Analyzing Model Inferences

Once you've uploaded a model's inferences on a dataset through the Aquarium API, you can then begin to analyze your model's performance and more efficiently find insights in the underlying datasets.

Ultimately, the goal of most ML teams is to improve their model performance, so it's important to understand where your model is doing well / badly in order to improve it. We can also use to surface what parts of the dataset we should pay more attention to, either because the model is performing badly or because there's a problem with the underlying data.

To view inferences on a dataset, select a base dataset, choose a corresponding inferences set, and then click "Search." The Grid View will now render the data with both labels and model inferences. In this example, labels are rendered with solid lines and inferences with dashed lines.

Model Metrics View

The Model Metrics View is the fourth icon to the right of the search button.

Here, you can see a high level overview of the model's performance on the base dataset in a few forms:

You can also move the slider for parameters like confidence threshold and IOU matching threshold, and the metrics will recompute to reflect the model's performance with those parameters.

You can also click into an example in the confusion matrix, see examples of those types of confusions, and sort by the amount of confusion.

Exploring false positive car detections.

Many Class Metrics View

When the number of classes exceeds 25, the model metrics view switches from the grids above to a filterable table format for better legibility.

Selecting a row in the Classification Report (left) will filter the Confusion Matrix (right) to only rows where either GT or Prediction matches the selected class. Selecting a row in the Confusion Matrix will show examples of those types of confusions, and sort by the amount of confusion.

Surfacing Labeling Errors

Aquarium makes it easy to find the places where your model disagrees most with the data. Once you click on a confusion matrix box, you can sort examples to see high confidence disagreements, low confidence agreements, or by other common factors like IOU or box size.

These "high loss" examples tend to expose areas where the model is making egregious mistakes or places where the model is right and the underlying labels is wrong! In the following example - showing the most confident examples where the model detected cars where there was no corresponding label - most issues are due to missing labels on cars that the model correctly detects!

Most high confidence false positives are due to missing labels!

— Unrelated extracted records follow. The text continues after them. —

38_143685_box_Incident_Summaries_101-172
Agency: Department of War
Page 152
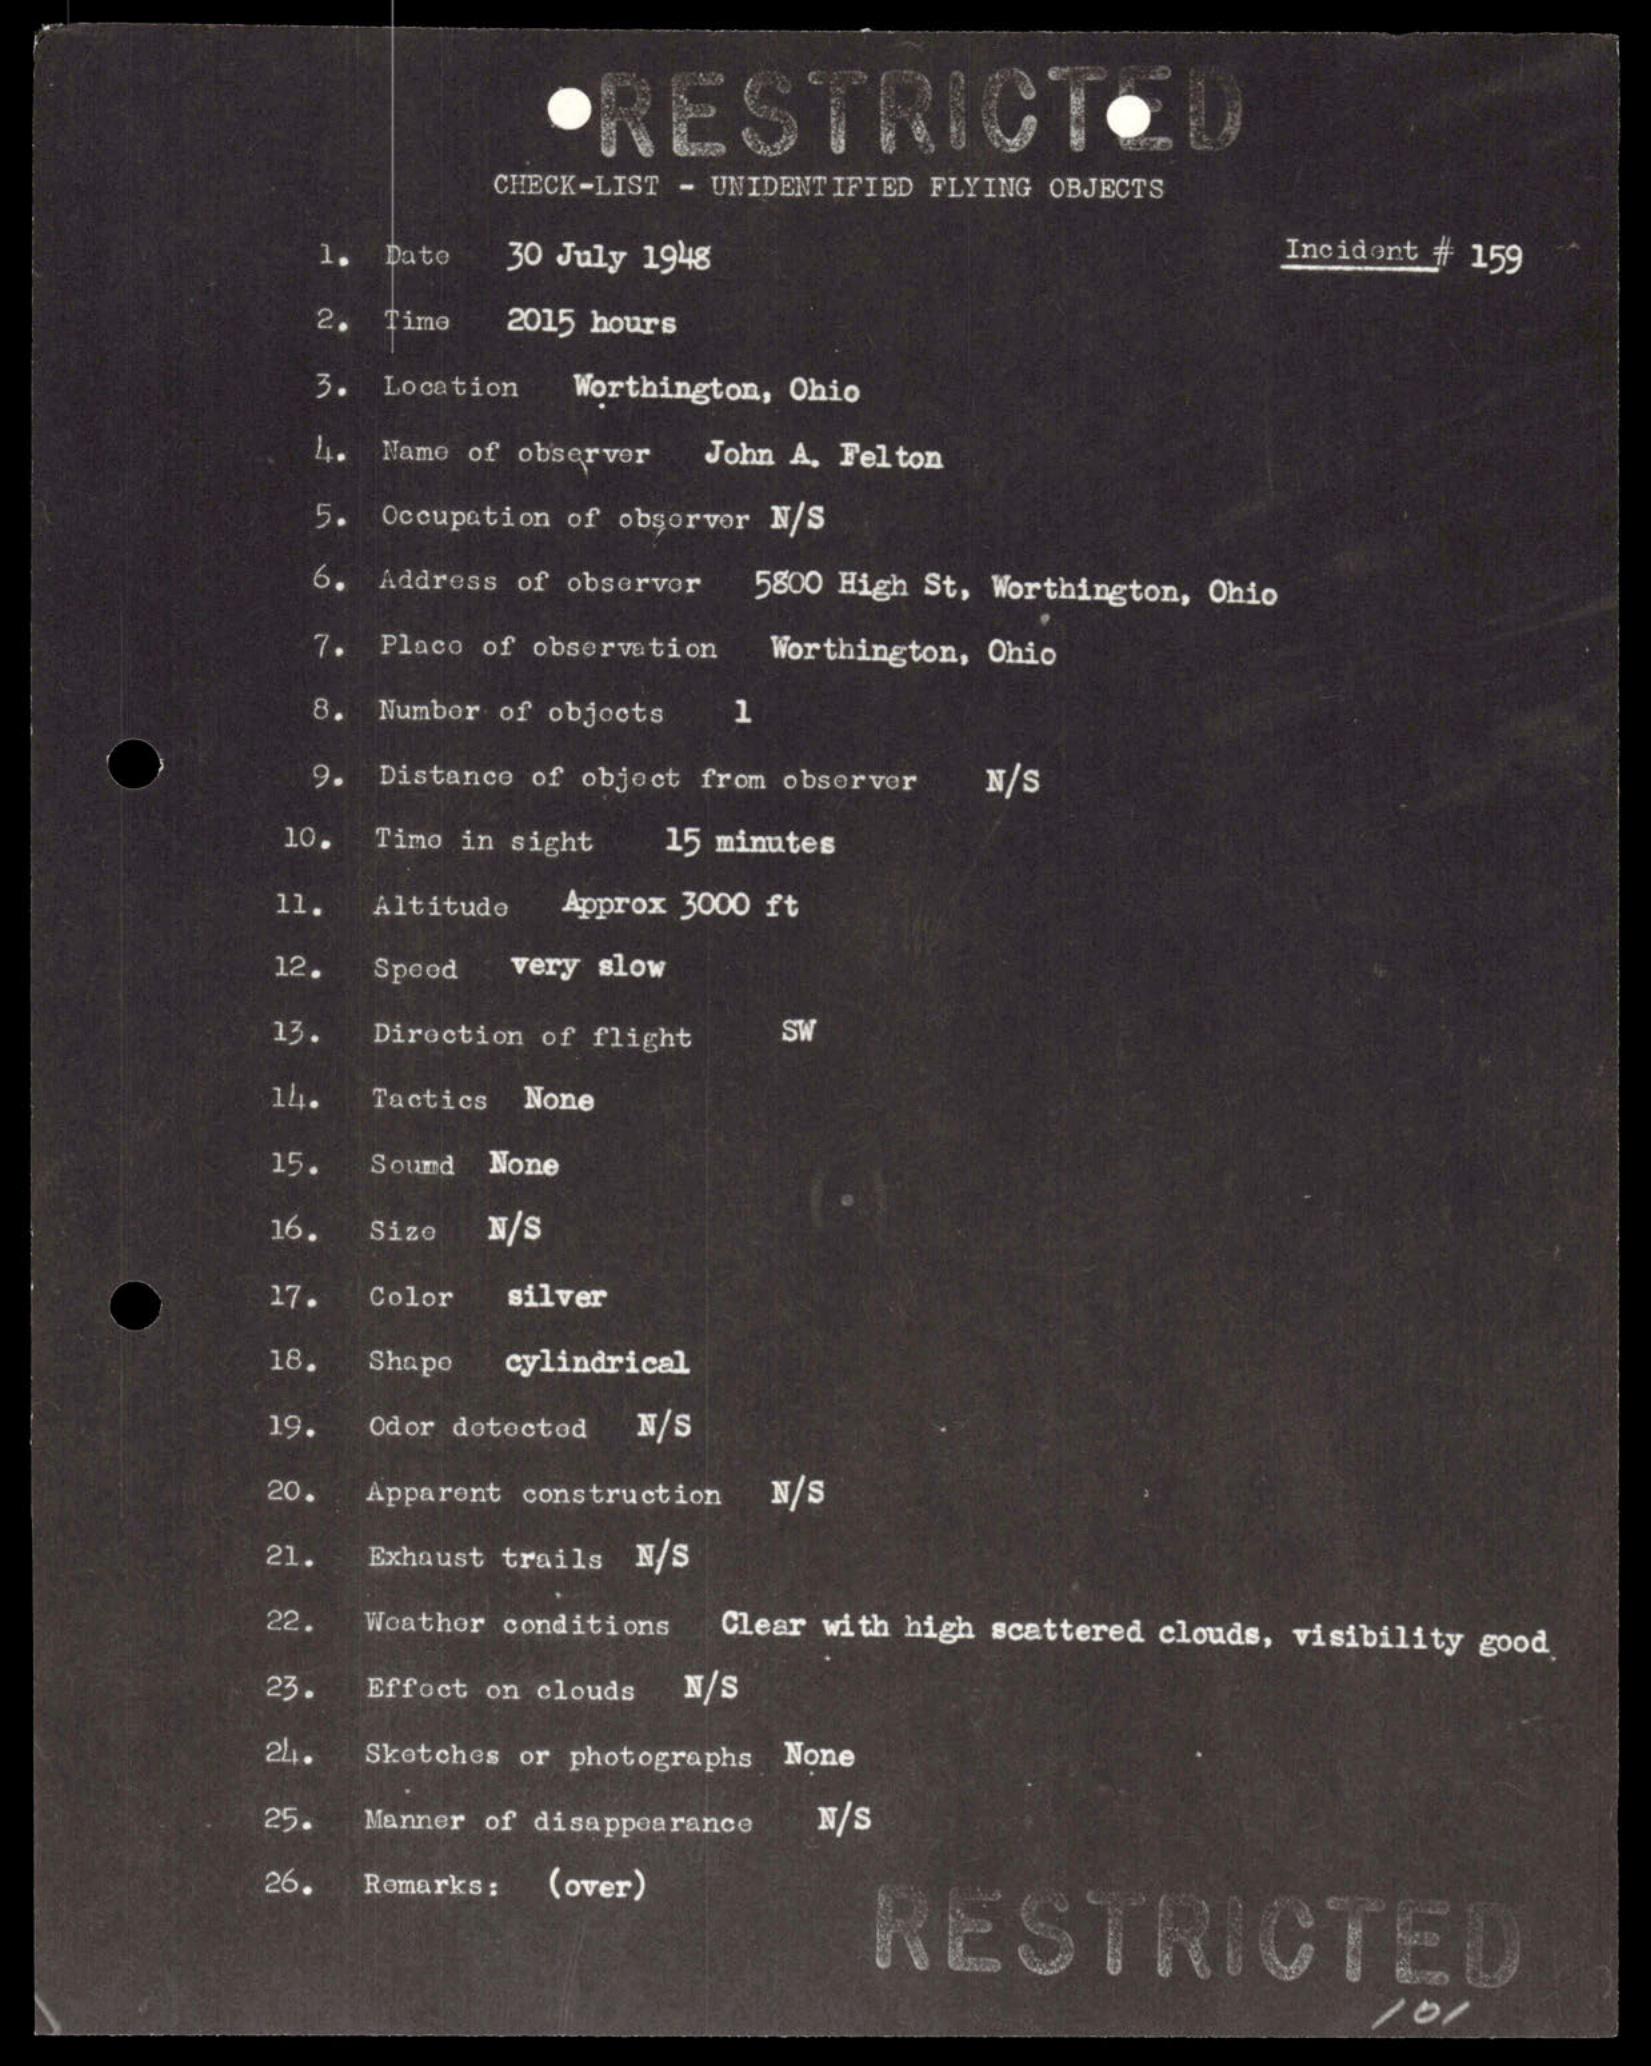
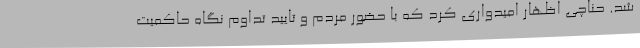
شد. حناچی اظهار امیدواری کرد که با حضور مردم و تایید تداوم نگاه حاکمیت
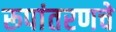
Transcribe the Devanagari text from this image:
रूपांतरणचे
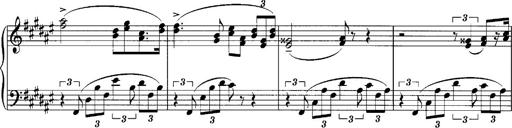
Title: klavierstÃ¼ck
Composer: Matias Ekert
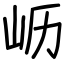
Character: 𫵷
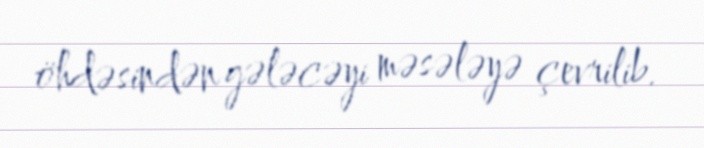
öhdəsindən gələcəyi məsələyə çevrilib.
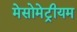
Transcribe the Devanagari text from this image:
मेसोमेट्रीयम
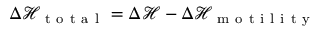
\Delta \mathcal { H } _ { \mathrm { ~ t ~ o ~ t ~ a ~ l ~ } } = \Delta \mathcal { H } - \Delta \mathcal { H } _ { \mathrm { ~ m ~ o ~ t ~ i ~ l ~ i ~ t ~ y ~ } }
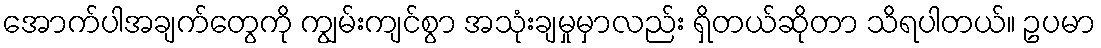
အောက်ပါအချက်တွေကို ကျွမ်းကျင်စွာ အသုံးချမှုမှာလည်း ရှိတယ်ဆိုတာ သိရပါတယ်။ ဥပမာ
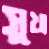
সুখ্য
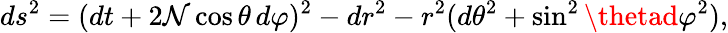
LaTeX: ds^{2}=(dt+2\mathcal{N}\cos\theta\, d\varphi)^{2}-dr^{2}-r^{2}(d\theta^{2}+\sin^{2}\thetad\varphi^{2}),
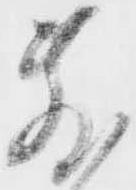
敷
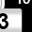
Digit: 3
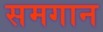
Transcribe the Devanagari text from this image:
समगान
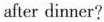
after dinner?
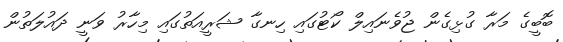
ބޮބީގެ މަރާ ގުޅިގެން ޖުވެނައިލް ކޯޓުގައި ހިނގާ ޝަރީއަތުގައި މިހާރު ވަނީ ދައުލަތުން
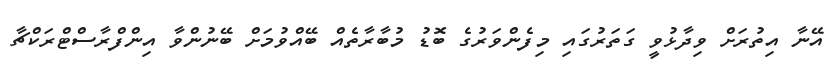
އޭނާ އިތުރަށް ވިދާޅުވީ ގަތަރުގައި މިފެންވަރުގެ ބޮޑު މުބާރާތެއް ބޭއްވުމަށް ބޭނުންވާ އިންފްރާސްޓްރަކްޗާ
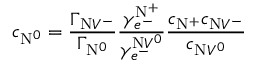
c _ { \mathrm { N } ^ { 0 } } = \frac { \Gamma _ { \mathrm { N } V ^ { - } } } { \Gamma _ { \mathrm { N } ^ { 0 } } } \frac { \gamma _ { e ^ { - } } ^ { \mathrm { N } ^ { + } } } { \gamma _ { e ^ { - } } ^ { \mathrm { N } V ^ { 0 } } } \frac { c _ { \mathrm { N } ^ { + } } c _ { \mathrm { N } V ^ { - } } } { c _ { \mathrm { N } V ^ { 0 } } }
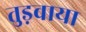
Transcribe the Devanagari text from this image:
तुड़वाया
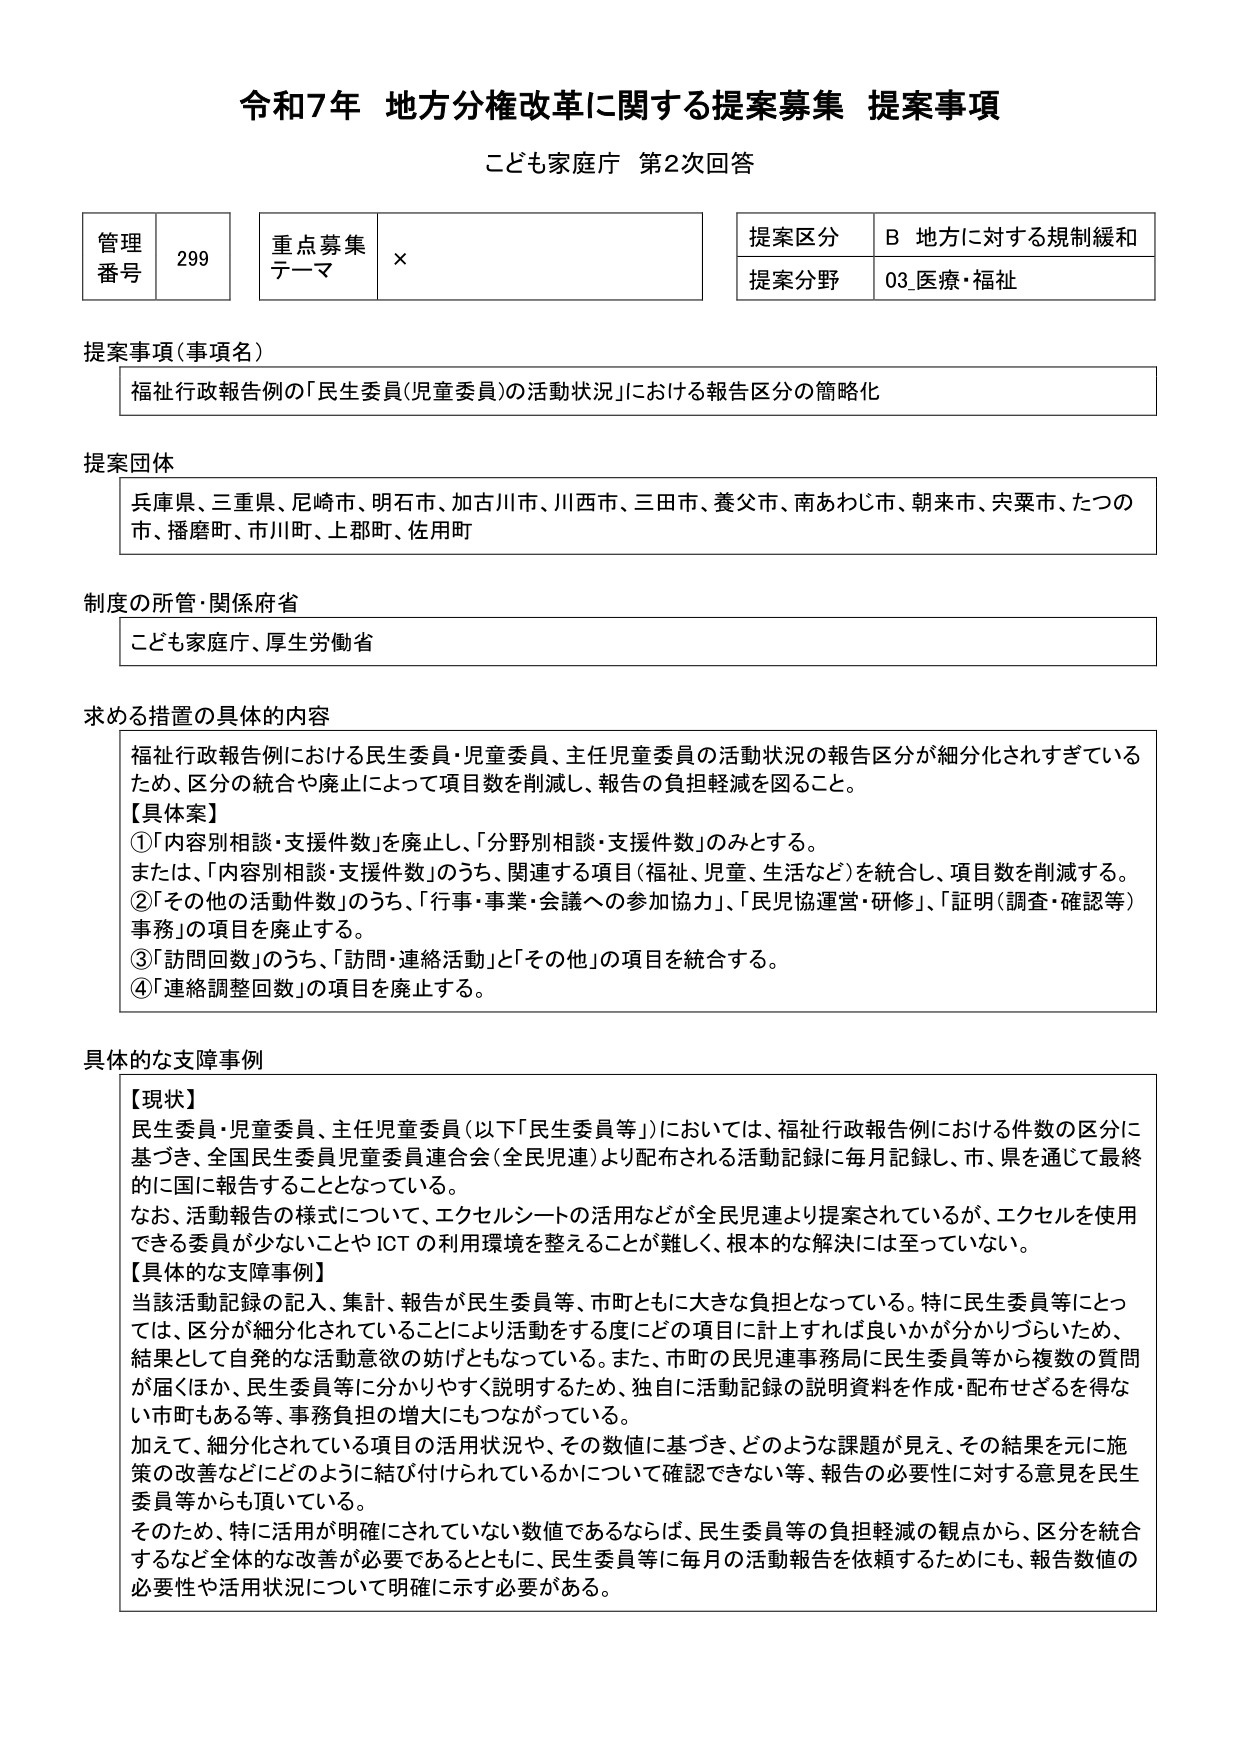
令和7年 地方分権改革に関する提案募集 提案事項
こども家庭庁 第2次回答

Whenever you upload a new model inference set to Aquarium, we highly recommend looking through some of these high loss examples to see if you have any labeling mistakes.

Finding Model Failure Patterns

You can color datapoints in the embedding view based on model precision, recall, and F1. This lets you identify trends in model performance by finding which parts of the dataset the model does particularly well / badly.

Our model has very good accuracy on pedestrians on a subset of the dataset...
Upon further inspection, it's because they're all the same scene! The model is overfitting to that scene.

When switching to crop embeddings, you can color datapoints by confusion type to identify object-level failure patterns.

By clicking the entries in the class legend on the left, we can toggle the visualization to only show false positive scenarios.

We can identify a cluster of false positive detections on the same object across multiple different frames.